Discussion in Greece concerning connectivity is minimal. The term “connectivity” features twice in Athens’s national growth plan, but is mainly relegated to the role of ports. There is still no discussion of the implementation of multilateral standards for quality infrastructure investment. Greece understands connectivity as part of a development policy, a key to market access, and an instrument of European influence. Its interest in the initiative is driven largely by economic considerations, in the hope that investment under the initiative will boost trade and contribute to the recovery of the Greek economy. On the subject of assistance, financing, and guarantee tools to deploy in support of the strategy, Greece has yet to make a clear statement, but it would theoretically support the EU-Asia connectivity strategy model. Regarding the mobilisation of funding, the government would support a combination of funders, and would pursue a strategy inclusive of China, especially as Greece is a member of the Asian Infrastructure Investment Bank, albeit with only a low capital contribution. For Athens, the priorities for the region relate to energy and climate change, reflecting the domestic agenda and the interest of Greek energy companies in the region. Transport is also salient because of the important role of the Greek shipping industry in global trade. Athens would be supportive of more bilateral free-trade agreements (FTA), and would be open to establishing a multilateral FTA, so long as Beijing is included. The country would also be interested in engaging with Comprehensive and Progressive Agreement for Trans-Pacific Partnership (CPTPP) countries India and Australia, but is open to conversation with all actors in the region. As concerns the tech dimension, a tentative ranking of priorities would be: research and development cooperation; the future of labour; and innovation and commercialisation. In general, in its considerations towards the Indo-Pacific, Greece maintains that the EU should prioritise issues in its own neighbourhood – namely the Mediterranean, where its relationship with Turkey dominates Greece’s foreign policy.
View of the Indo-Pacific
In Hungary, the Ministry of Foreign Affairs is leading what discussion there is of the Indo-Pacific. The ministry does not see a unified European approach to the region as of relevance for its foreign and defence policy. It would define the Indo-Pacific as spanning from India to south-east Asia and would include the Korean peninsula and Japan. For Hungary, the strategy in action should concentrate on the pursuit of EU economic interests.
EU Indo-Pacific strategy
The Indo-Pacific is seen by Budapest as a region of opportunity for Europe. Hungary would prefer for the strategy, when implemented, not to be bound by geostrategic considerations, but rather to be driven by the goal of supporting regional stability, and to focus on trade, economic cooperation, and development. The establishment of partner countries in the region would depend on the role that the Indo-Pacific strategy would come to adopt. Ultimately, though, Hungary is wary of the strategy undermining China’s interests in any way.

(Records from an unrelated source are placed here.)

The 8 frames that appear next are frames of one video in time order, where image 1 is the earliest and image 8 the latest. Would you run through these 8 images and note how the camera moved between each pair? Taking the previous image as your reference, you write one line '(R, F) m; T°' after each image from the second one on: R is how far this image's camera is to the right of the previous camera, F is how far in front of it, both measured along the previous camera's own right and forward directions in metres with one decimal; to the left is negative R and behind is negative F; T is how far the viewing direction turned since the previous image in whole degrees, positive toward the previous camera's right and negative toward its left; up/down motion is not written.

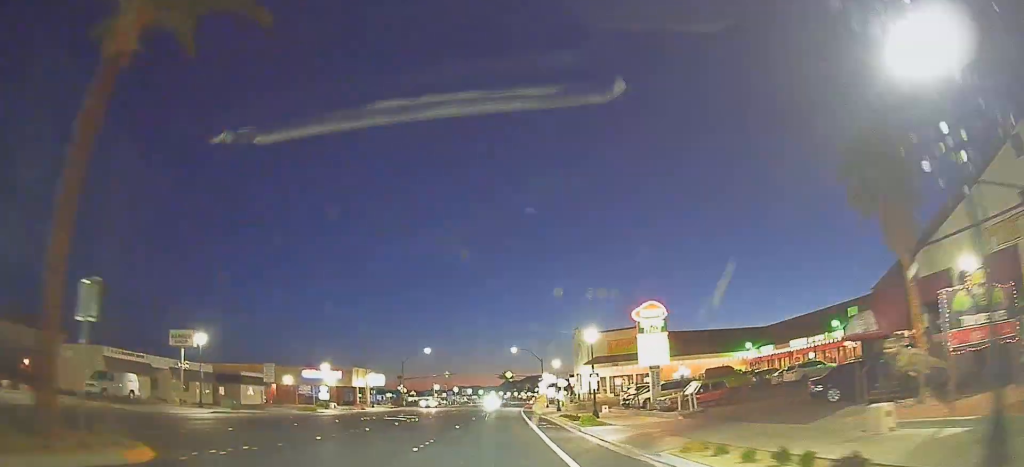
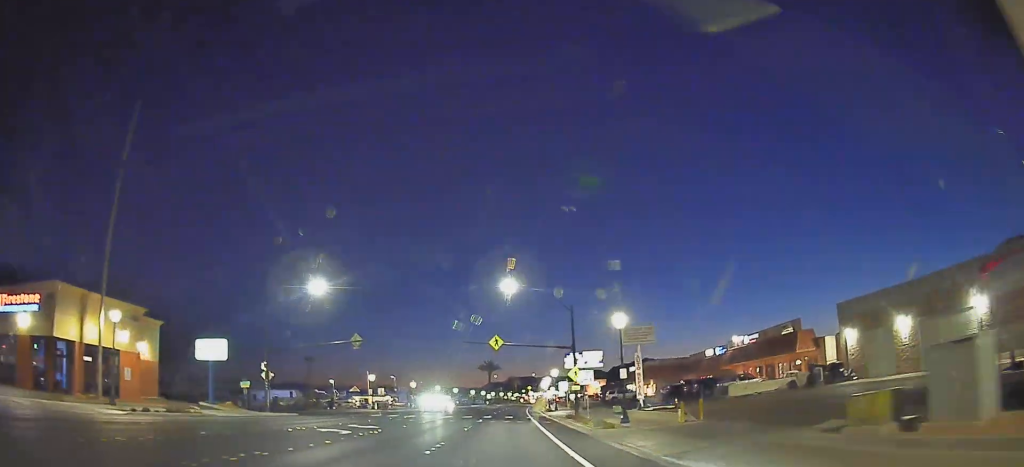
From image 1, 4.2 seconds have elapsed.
(+2.1, +77.1) m; +3°
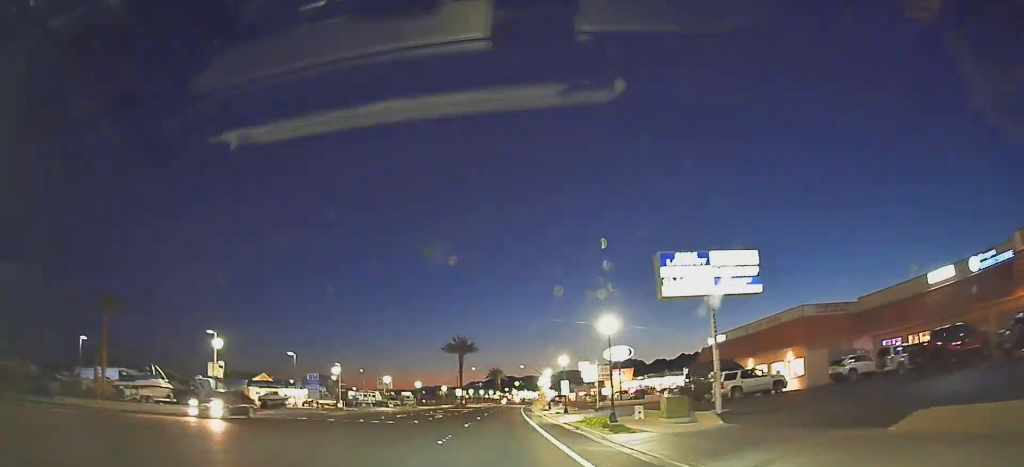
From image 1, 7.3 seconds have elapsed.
(+0.5, +35.3) m; +1°
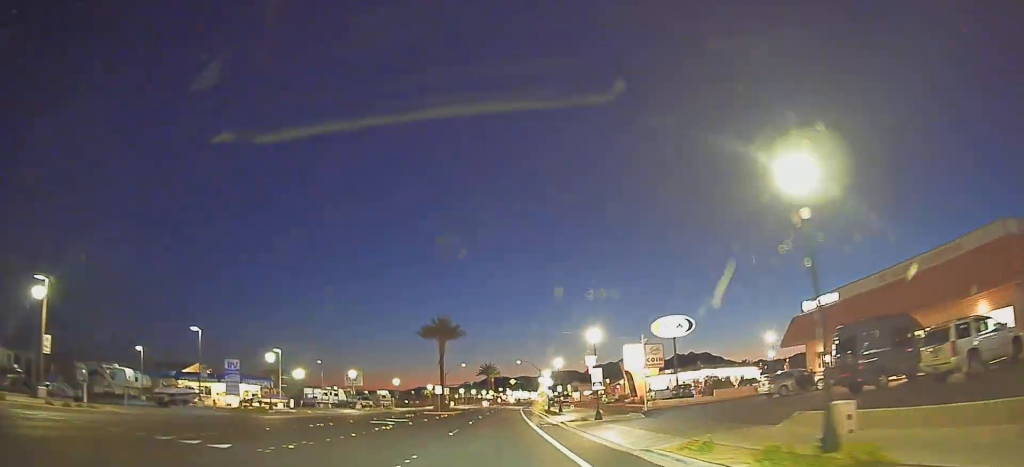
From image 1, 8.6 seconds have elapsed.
(0.0, +16.4) m; 0°
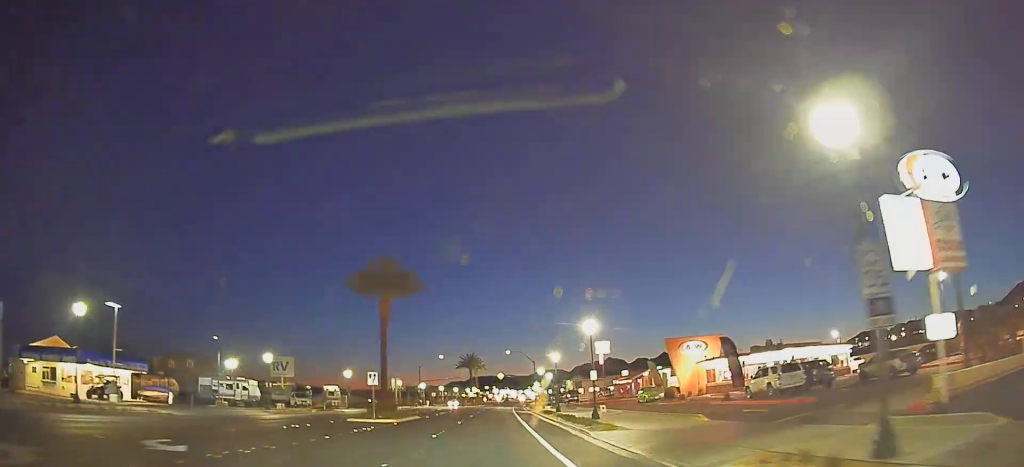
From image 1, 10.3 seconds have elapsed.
(+0.1, +21.9) m; +1°
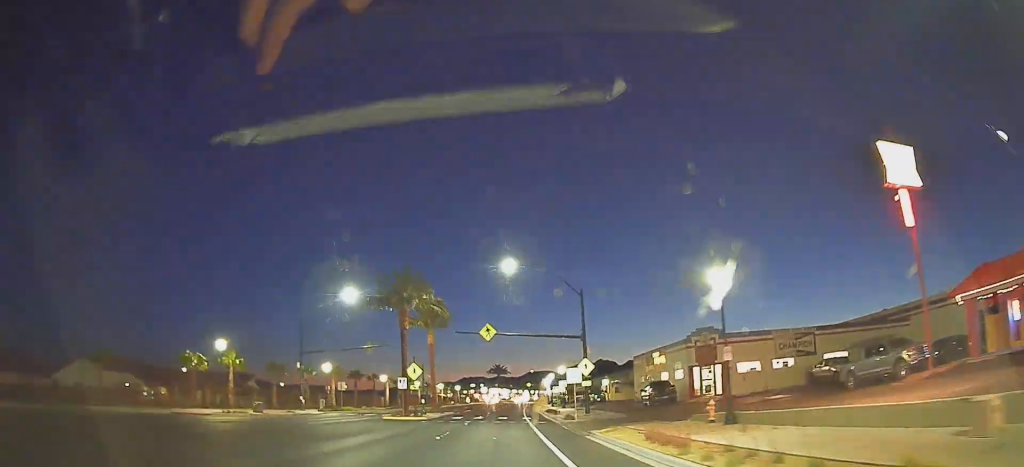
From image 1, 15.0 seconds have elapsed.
(+0.8, +63.4) m; +3°
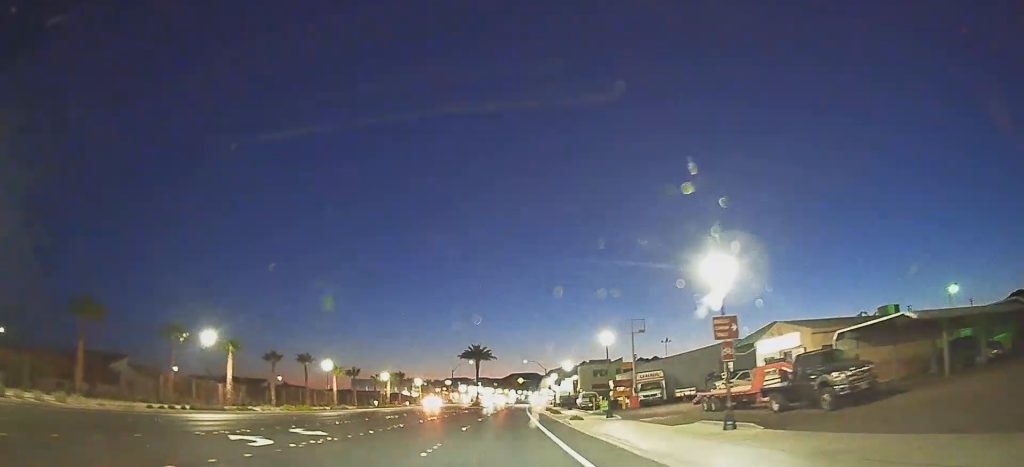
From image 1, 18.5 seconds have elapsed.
(+1.6, +47.1) m; +2°
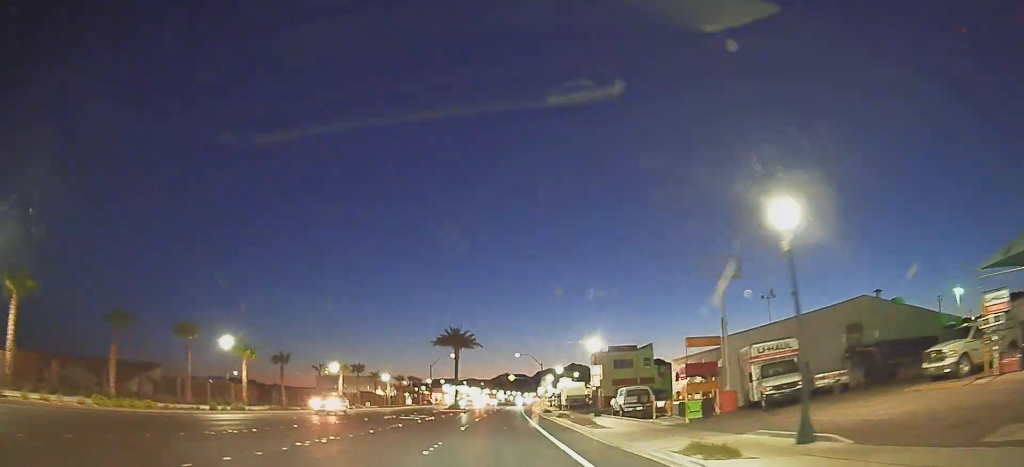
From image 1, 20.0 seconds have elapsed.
(0.0, +18.8) m; 0°

Hungary would prefer the EU Indo-Pacific strategy to have no security dimension at all. The country has no interest, and in fact is opposed to, any move that could negatively impact on its relationship with China. It therefore holds that security issues that may be conflictual, especially those that could entail provoking China, should not feature in the strategy. Because Budapest maintains that the strategy should be mainly orientated to the pursuit of economic interest, a security component would be acceptable only so long as it supports economic interests such as anti-piracy activities in the Indian Ocean. Therefore, in the drafting of a maritime security component, Hungary would like to see more investment in the securing of maritime routes and in promoting the role of the EU as a mediator in conflict resolution.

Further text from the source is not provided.